Guidance on this issue has been provided by two recent decisions of the Court of Appeal.

Sep 4, 2008
By CLW

Guidance on this issue has been provided by two recent decisions of the Court of Appeal.

In R v Smith and others (CLW/08/31/2), the court considered identification from CCTV footage. After a murder committed with firearms outside a nightclub by a group of men, officers were asked to view CCTV footage to see if they recognised any of the offenders, and identifications of various suspects were made by several officers. At trial and on appeal, several of these identifications were challenged.

Although dismissing the appeal for other reasons, the court observed that, although a police officer asked to view a CCTV recording in order to see whether he recognises anyone in it is not in the same shoes as a witness asked to identify someone he has seen committing a crime, the safeguards put in place by PACE Code D are equally important to such a case.

In particular, where an officer does recognise someone in such a situation, there must be in place some record which assists in gauging the reliability of that assertion of recognition, and so it is important that the officer’s initial reactions to the recording are set out and available for scrutiny. These should include whether he fails to recognise anyone on first viewing but succeeds in doing so subsequently, what words he uses by way of recognition, whether he recognises anyone else, whether he expresses any doubt as to the recognition, and what it is about the image that he says has triggered the recognition.
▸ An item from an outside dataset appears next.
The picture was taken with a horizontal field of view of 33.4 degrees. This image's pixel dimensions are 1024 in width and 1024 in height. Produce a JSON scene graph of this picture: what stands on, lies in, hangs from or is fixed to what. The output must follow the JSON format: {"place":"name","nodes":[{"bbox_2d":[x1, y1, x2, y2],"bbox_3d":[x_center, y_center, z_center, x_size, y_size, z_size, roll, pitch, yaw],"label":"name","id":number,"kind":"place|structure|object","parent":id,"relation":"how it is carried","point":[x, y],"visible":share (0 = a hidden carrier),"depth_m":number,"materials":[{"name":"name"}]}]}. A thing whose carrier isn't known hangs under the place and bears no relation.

The court said that it is therefore vital that a protocol should be prepared to provide a safeguard for measuring the recognition against an objective standard of assessment, otherwise there can be no assurance that an officer is not merely asserting that which he wishes and hopes, however subconsciously, to achieve, viz, the recognition of a guilty participant.
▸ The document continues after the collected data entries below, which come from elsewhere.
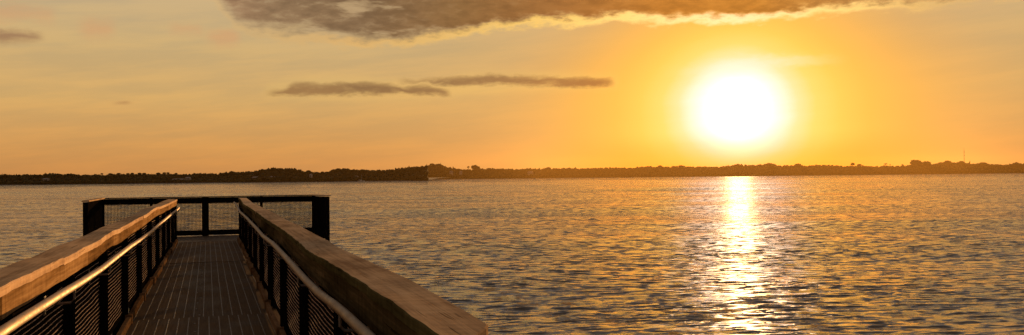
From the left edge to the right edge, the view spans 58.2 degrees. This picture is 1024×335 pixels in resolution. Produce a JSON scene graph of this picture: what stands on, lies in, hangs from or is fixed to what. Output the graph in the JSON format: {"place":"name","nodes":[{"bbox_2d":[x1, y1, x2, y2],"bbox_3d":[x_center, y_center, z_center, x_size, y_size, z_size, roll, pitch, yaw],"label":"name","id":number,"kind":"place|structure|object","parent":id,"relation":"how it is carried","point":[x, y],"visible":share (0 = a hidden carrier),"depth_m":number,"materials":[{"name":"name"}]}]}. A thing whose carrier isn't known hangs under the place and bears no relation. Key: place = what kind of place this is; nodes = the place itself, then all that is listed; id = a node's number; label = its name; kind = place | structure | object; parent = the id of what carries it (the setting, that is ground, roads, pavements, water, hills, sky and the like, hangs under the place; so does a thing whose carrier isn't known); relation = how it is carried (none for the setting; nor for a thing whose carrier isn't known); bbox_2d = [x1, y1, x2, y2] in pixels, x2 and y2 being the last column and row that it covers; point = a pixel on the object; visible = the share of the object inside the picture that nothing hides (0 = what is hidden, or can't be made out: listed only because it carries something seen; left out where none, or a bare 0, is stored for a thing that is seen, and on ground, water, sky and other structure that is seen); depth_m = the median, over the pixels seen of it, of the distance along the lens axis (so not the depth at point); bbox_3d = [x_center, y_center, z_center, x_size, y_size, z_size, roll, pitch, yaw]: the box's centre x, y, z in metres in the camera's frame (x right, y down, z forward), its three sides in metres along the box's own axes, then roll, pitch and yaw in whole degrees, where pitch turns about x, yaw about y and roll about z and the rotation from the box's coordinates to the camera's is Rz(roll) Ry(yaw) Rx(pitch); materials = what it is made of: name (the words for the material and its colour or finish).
{"place":"outdoors","nodes":[
{"label":"outdoors","id":0,"kind":"place"},
{"bbox_2d":[0,177,448,184],"bbox_3d":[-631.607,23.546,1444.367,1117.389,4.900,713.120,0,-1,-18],"label":"shore terrain","id":1,"kind":"structure","parent":0,"point":[430,179],"depth_m":1235.12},
{"bbox_2d":[0,165,428,183],"bbox_3d":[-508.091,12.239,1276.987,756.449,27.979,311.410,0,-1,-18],"label":"treeline","id":2,"kind":"object","parent":1,"relation":"on","point":[338,174],"visible":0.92,"depth_m":1261.51,"materials":[{"name":"green plant"}]},
{"bbox_2d":[0,173,1023,334],"bbox_3d":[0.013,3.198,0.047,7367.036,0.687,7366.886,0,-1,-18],"label":"water","id":3,"kind":"structure","parent":0,"point":[925,254],"depth_m":43.01,"materials":[{"name":"brown liquid"}]},
{"bbox_2d":[125,241,279,334],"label":"pier walkway","id":4,"kind":"structure","parent":3,"relation":"in","point":[203,288],"depth_m":11.98,"materials":[{"name":"brown wood"}]},
{"bbox_2d":[0,199,179,334],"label":"pier railing","id":5,"kind":"object","parent":4,"relation":"on","point":[101,281],"visible":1,"depth_m":7.33,"materials":[{"name":"black paint"}]},
{"bbox_2d":[233,198,487,334],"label":"pier railing","id":6,"kind":"object","parent":4,"relation":"on","point":[312,283],"visible":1,"depth_m":5.42,"materials":[{"name":"black paint"}]},
{"bbox_2d":[177,235,238,242],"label":"pier platform","id":7,"kind":"structure","parent":3,"relation":"in","point":[211,238],"depth_m":24.31,"materials":[{"name":"brown wood"}]},
{"bbox_2d":[81,194,330,241],"bbox_3d":[-7.673,1.477,23.843,5.933,1.420,3.850,0,-1,-18],"label":"platform fence","id":8,"kind":"object","parent":7,"relation":"on","point":[94,213],"visible":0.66,"depth_m":25.44,"materials":[{"name":"black paint"}]},
{"bbox_2d":[0,0,1023,174],"label":"sky","id":9,"kind":"structure","parent":0,"point":[88,87],"materials":[{"name":"orange"}]},
{"bbox_2d":[483,173,1002,178],"bbox_3d":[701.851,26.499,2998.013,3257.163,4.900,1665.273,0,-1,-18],"label":"shore terrain","id":10,"kind":"structure","parent":0,"point":[768,175],"depth_m":2654.94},
{"bbox_2d":[471,165,478,173],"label":"broadleaf tree","id":11,"kind":"object","parent":10,"relation":"on","point":[475,167],"visible":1,"depth_m":2672.73,"materials":[{"name":"green plant"}]},
{"bbox_2d":[398,162,1023,178],"bbox_3d":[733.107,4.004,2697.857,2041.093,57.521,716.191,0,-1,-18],"label":"treeline","id":12,"kind":"object","parent":10,"relation":"on","point":[442,172],"visible":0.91,"depth_m":2680.12,"materials":[{"name":"green plant"}]},
{"bbox_2d":[765,163,774,168],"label":"broadleaf tree","id":13,"kind":"object","parent":10,"relation":"on","point":[769,165],"visible":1,"depth_m":2671.66,"materials":[{"name":"green plant"}]},
{"bbox_2d":[910,160,922,169],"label":"broadleaf tree","id":14,"kind":"object","parent":10,"relation":"on","point":[916,162],"visible":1,"depth_m":2670.20,"materials":[{"name":"green plant"}]},
{"bbox_2d":[922,161,930,167],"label":"broadleaf tree","id":15,"kind":"object","parent":10,"relation":"on","point":[926,163],"visible":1,"depth_m":2672.32,"materials":[{"name":"green plant"}]},
{"bbox_2d":[1011,162,1021,168],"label":"broadleaf tree","id":16,"kind":"object","parent":10,"relation":"on","point":[1016,164],"visible":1,"depth_m":2670.32,"materials":[{"name":"green plant"}]}
]}

In R v Flynn and St John (CLW/08/33/5), the court considered voice recognition evidence. After an armed robbery during which the offenders used a van to enter premises, officers identified the two defendants from audio recordings made covertly inside the van before the robbery. Again, these identifications were challenged at trial and on appeal.
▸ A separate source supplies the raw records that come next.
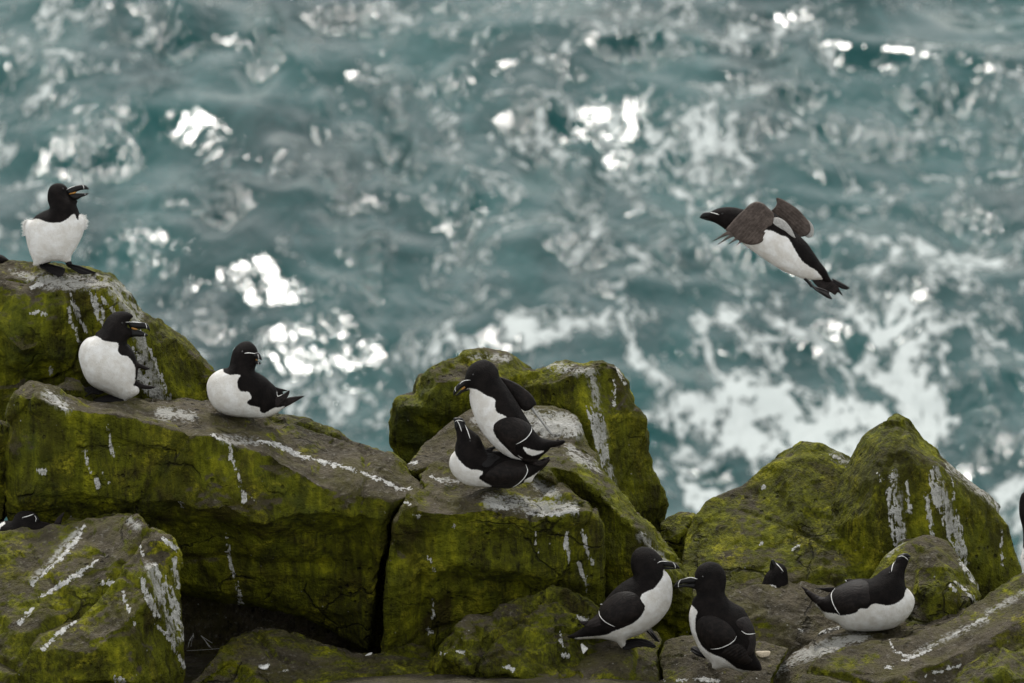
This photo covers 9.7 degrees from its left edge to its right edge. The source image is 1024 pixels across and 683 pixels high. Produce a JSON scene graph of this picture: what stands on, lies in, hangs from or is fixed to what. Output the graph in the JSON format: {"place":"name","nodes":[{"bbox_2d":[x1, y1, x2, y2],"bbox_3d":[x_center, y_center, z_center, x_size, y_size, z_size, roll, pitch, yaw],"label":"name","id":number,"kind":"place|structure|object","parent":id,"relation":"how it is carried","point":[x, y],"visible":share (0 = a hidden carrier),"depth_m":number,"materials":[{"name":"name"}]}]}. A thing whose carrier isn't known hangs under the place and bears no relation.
{"place":"outdoors","nodes":[
{"label":"outdoors","id":0,"kind":"place"},
{"bbox_2d":[183,647,676,682],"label":"cliff slope","id":1,"kind":"structure","parent":0,"point":[196,664],"depth_m":19.56,"materials":[{"name":"stone"}]},
{"bbox_2d":[0,420,8,521],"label":"boulder","id":2,"kind":"object","parent":1,"relation":"on","point":[4,433],"visible":0.47,"depth_m":19.96,"materials":[{"name":"stone"}]},
{"bbox_2d":[0,512,185,682],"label":"boulder","id":3,"kind":"object","parent":1,"relation":"on","point":[93,600],"visible":1,"depth_m":19.33,"materials":[{"name":"green stone"}]},
{"bbox_2d":[0,511,63,530],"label":"razorbill","id":4,"kind":"object","parent":3,"relation":"on","point":[30,520],"visible":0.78,"depth_m":19.71,"materials":[{"name":"black"}]},
{"bbox_2d":[0,260,215,420],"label":"boulder","id":5,"kind":"object","parent":1,"relation":"on","point":[50,323],"visible":0.49,"depth_m":20.41,"materials":[{"name":"green stone"}]},
{"bbox_2d":[0,255,8,263],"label":"razorbill","id":6,"kind":"object","parent":5,"relation":"on","point":[3,259],"visible":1,"depth_m":20.58,"materials":[{"name":"black"}]},
{"bbox_2d":[21,183,95,276],"bbox_3d":[-1.538,-0.383,20.444,0.258,0.288,0.173,0,22,0],"label":"razorbill","id":7,"kind":"object","parent":5,"relation":"on","point":[54,231],"visible":1,"depth_m":20.40,"materials":[{"name":"white"}]},
{"bbox_2d":[3,381,420,651],"bbox_3d":[-0.999,0.545,20.347,1.400,1.116,0.990,0,22,0],"label":"boulder","id":8,"kind":"object","parent":1,"relation":"on","point":[288,514],"visible":0.86,"depth_m":19.93,"materials":[{"name":"green stone"}]},
{"bbox_2d":[57,377,95,400],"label":"boulder","id":9,"kind":"object","parent":8,"relation":"on","point":[72,387],"visible":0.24,"depth_m":20.12,"materials":[{"name":"green stone"}]},
{"bbox_2d":[79,311,154,402],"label":"razorbill","id":10,"kind":"object","parent":8,"relation":"on","point":[110,365],"visible":1,"depth_m":20.11,"materials":[{"name":"white"}]},
{"bbox_2d":[207,341,303,417],"bbox_3d":[-0.867,0.127,20.082,0.304,0.261,0.178,-11,24,-25],"label":"razorbill","id":11,"kind":"object","parent":8,"relation":"on","point":[239,386],"visible":1,"depth_m":20.02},
{"bbox_2d":[180,595,350,653],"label":"boulder","id":12,"kind":"object","parent":1,"relation":"on","point":[218,624],"visible":0.14,"depth_m":20.46,"materials":[{"name":"black stone"}]},
{"bbox_2d":[191,627,434,682],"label":"boulder","id":13,"kind":"object","parent":1,"relation":"on","point":[288,657],"visible":0.95,"depth_m":19.74,"materials":[{"name":"green stone"}]},
{"bbox_2d":[259,664,268,669],"bbox_3d":[-0.807,1.062,19.658,0.031,0.012,0.015,-8,23,-19],"label":"white feather","id":14,"kind":"object","parent":13,"relation":"on","point":[264,667],"visible":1,"depth_m":19.66,"materials":[{"name":"white"}]},
{"bbox_2d":[350,405,604,647],"bbox_3d":[-0.106,0.648,20.628,0.895,0.912,0.760,0,22,0],"label":"boulder","id":15,"kind":"object","parent":1,"relation":"on","point":[565,425],"visible":0.2,"depth_m":20.37,"materials":[{"name":"grey stone"}]},
{"bbox_2d":[380,449,605,651],"bbox_3d":[-0.060,0.731,20.324,0.760,0.806,0.847,0,22,0],"label":"boulder","id":16,"kind":"object","parent":1,"relation":"on","point":[459,550],"visible":0.64,"depth_m":19.91,"materials":[{"name":"green stone"}]},
{"bbox_2d":[449,417,549,488],"bbox_3d":[-0.043,0.378,19.881,0.329,0.233,0.156,3,22,7],"label":"razorbill","id":17,"kind":"object","parent":16,"relation":"on","point":[469,456],"visible":1,"depth_m":19.85,"materials":[{"name":"black"}]},
{"bbox_2d":[453,360,564,467],"bbox_3d":[-0.009,0.238,19.867,0.370,0.328,0.227,0,22,0],"label":"razorbill","id":18,"kind":"object","parent":17,"relation":"on","point":[498,403],"visible":1,"depth_m":19.83,"materials":[{"name":"black"}]},
{"bbox_2d":[428,584,606,678],"bbox_3d":[0.047,1.035,19.904,0.642,0.524,0.782,0,22,0],"label":"boulder","id":19,"kind":"object","parent":1,"relation":"on","point":[526,637],"visible":0.83,"depth_m":19.62,"materials":[{"name":"green stone"}]},
{"bbox_2d":[581,643,587,653],"bbox_3d":[0.232,1.000,19.651,0.023,0.024,0.028,-20,30,-41],"label":"white feather","id":20,"kind":"object","parent":19,"relation":"on","point":[584,648],"visible":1,"depth_m":19.65,"materials":[{"name":"white"}]},
{"bbox_2d":[388,347,668,532],"bbox_3d":[0.058,0.411,21.123,0.975,0.952,0.920,0,22,0],"label":"boulder","id":21,"kind":"object","parent":1,"relation":"on","point":[596,398],"visible":0.46,"depth_m":20.73,"materials":[{"name":"green stone"}]},
{"bbox_2d":[536,442,693,657],"bbox_3d":[0.339,0.724,20.379,0.596,0.838,0.689,0,22,0],"label":"boulder","id":22,"kind":"object","parent":1,"relation":"on","point":[629,530],"visible":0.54,"depth_m":20.08,"materials":[{"name":"green stone"}]},
{"bbox_2d":[570,631,662,681],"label":"boulder","id":23,"kind":"object","parent":1,"relation":"on","point":[609,659],"visible":0.66,"depth_m":19.62,"materials":[{"name":"stone"}]},
{"bbox_2d":[568,547,679,649],"bbox_3d":[0.377,0.843,19.626,0.336,0.314,0.209,-17,27,-35],"label":"razorbill","id":24,"kind":"object","parent":23,"relation":"on","point":[638,602],"visible":1,"depth_m":19.59,"materials":[{"name":"black"}]},
{"bbox_2d":[659,512,695,562],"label":"boulder","id":25,"kind":"object","parent":1,"relation":"on","point":[674,529],"visible":0.33,"depth_m":20.68,"materials":[{"name":"green stone"}]},
{"bbox_2d":[658,635,787,682],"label":"boulder","id":26,"kind":"object","parent":1,"relation":"on","point":[679,661],"visible":0.72,"depth_m":19.65,"materials":[{"name":"stone"}]},
{"bbox_2d":[674,562,761,671],"bbox_3d":[0.677,0.898,19.524,0.199,0.342,0.252,-16,27,-34],"label":"razorbill","id":27,"kind":"object","parent":26,"relation":"on","point":[722,629],"visible":1,"depth_m":19.47,"materials":[{"name":"black"}]},
{"bbox_2d":[756,651,769,657],"bbox_3d":[0.821,1.022,19.715,0.048,0.016,0.022,0,22,0],"label":"eggshell scrap","id":28,"kind":"object","parent":26,"relation":"on","point":[762,654],"visible":1,"depth_m":19.71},
{"bbox_2d":[681,441,868,596],"bbox_3d":[0.928,0.643,20.893,0.710,0.569,1.252,0,22,0],"label":"boulder","id":29,"kind":"object","parent":1,"relation":"on","point":[778,509],"visible":0.52,"depth_m":20.61,"materials":[{"name":"green stone"}]},
{"bbox_2d":[762,559,787,587],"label":"razorbill","id":30,"kind":"object","parent":29,"relation":"on","point":[776,575],"visible":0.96,"depth_m":20.31,"materials":[{"name":"black"}]},
{"bbox_2d":[726,581,838,662],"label":"boulder","id":31,"kind":"object","parent":1,"relation":"on","point":[791,617],"visible":0.31,"depth_m":20.15,"materials":[{"name":"stone"}]},
{"bbox_2d":[773,607,964,682],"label":"boulder","id":32,"kind":"object","parent":1,"relation":"on","point":[794,666],"visible":0.5,"depth_m":19.92,"materials":[{"name":"grey stone"}]},
{"bbox_2d":[801,553,914,630],"bbox_3d":[1.146,0.837,19.963,0.376,0.251,0.194,0,22,0],"label":"razorbill","id":33,"kind":"object","parent":32,"relation":"on","point":[884,599],"visible":1,"depth_m":19.91,"materials":[{"name":"black"}]},
{"bbox_2d":[792,573,1023,682],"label":"boulder","id":34,"kind":"object","parent":1,"relation":"on","point":[948,651],"visible":0.97,"depth_m":19.70,"materials":[{"name":"stone"}]},
{"bbox_2d":[870,535,981,625],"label":"boulder","id":35,"kind":"object","parent":1,"relation":"on","point":[940,582],"visible":0.5,"depth_m":20.12,"materials":[{"name":"stone"}]},
{"bbox_2d":[831,413,1021,599],"bbox_3d":[1.407,0.668,20.968,0.735,0.953,1.017,0,22,0],"label":"boulder","id":36,"kind":"object","parent":1,"relation":"on","point":[901,479],"visible":0.52,"depth_m":20.57,"materials":[{"name":"green stone"}]},
{"bbox_2d":[953,647,1023,682],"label":"boulder","id":37,"kind":"object","parent":1,"relation":"on","point":[1003,665],"visible":1,"depth_m":19.41,"materials":[{"name":"green stone"}]},
{"bbox_2d":[1019,492,1023,572],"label":"razorbill","id":38,"kind":"object","parent":1,"relation":"on","point":[1021,508],"visible":1,"depth_m":19.18,"materials":[{"name":"black"}]},
{"bbox_2d":[0,0,1023,572],"bbox_3d":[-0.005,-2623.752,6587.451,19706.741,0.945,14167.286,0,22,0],"label":"sea","id":39,"kind":"structure","parent":0,"point":[350,218],"depth_m":99.55,"materials":[{"name":"liquid"}]},
{"bbox_2d":[699,198,849,298],"bbox_3d":[0.836,-0.290,18.733,0.498,0.291,0.258,10,24,23],"label":"razorbill","id":40,"kind":"object","parent":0,"point":[776,233],"visible":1,"depth_m":18.70,"materials":[{"name":"black"}]}
]}

The court said generally that voice recognition identification is more controversial than visual identification and more likely to be reliable when carried out by experts using acoustic and spectrographic techniques and sophisticated auditory techniques rather than by ‘lay listener identification’, which requires that the witness possesses some special knowledge of the person whose voice he purports to identify.

The ability of a lay listener to identify a voice is subject to a number of variables, including:
    (a)the quality of the recording of the disputed voice.
    (b)the gap in time between the listener hearing the known voice and his attempt to recognise the disputed voice.
    (c)the ability of the individual to identify voices in general.
    (d)the nature and duration of the speech which is sought to be identified.
    (e)the familiarity of the listener with the known voice.

It said that even in optimum conditions, a confident recognition by a lay listener of a familiar voice may be wrong, and that the key to admissibility with lay listener evidence is, therefore, the degree of familiarity of the witness with the suspect’s voice, which will depend on the facts of each case.

The court went on to say that, where lay listener evidence is given by police officers, it must be treated with great caution. An expert should be instructed to give an independent opinion on its validity and a careful record should be kept of the procedures adopted, which should comply with certain minimum standards.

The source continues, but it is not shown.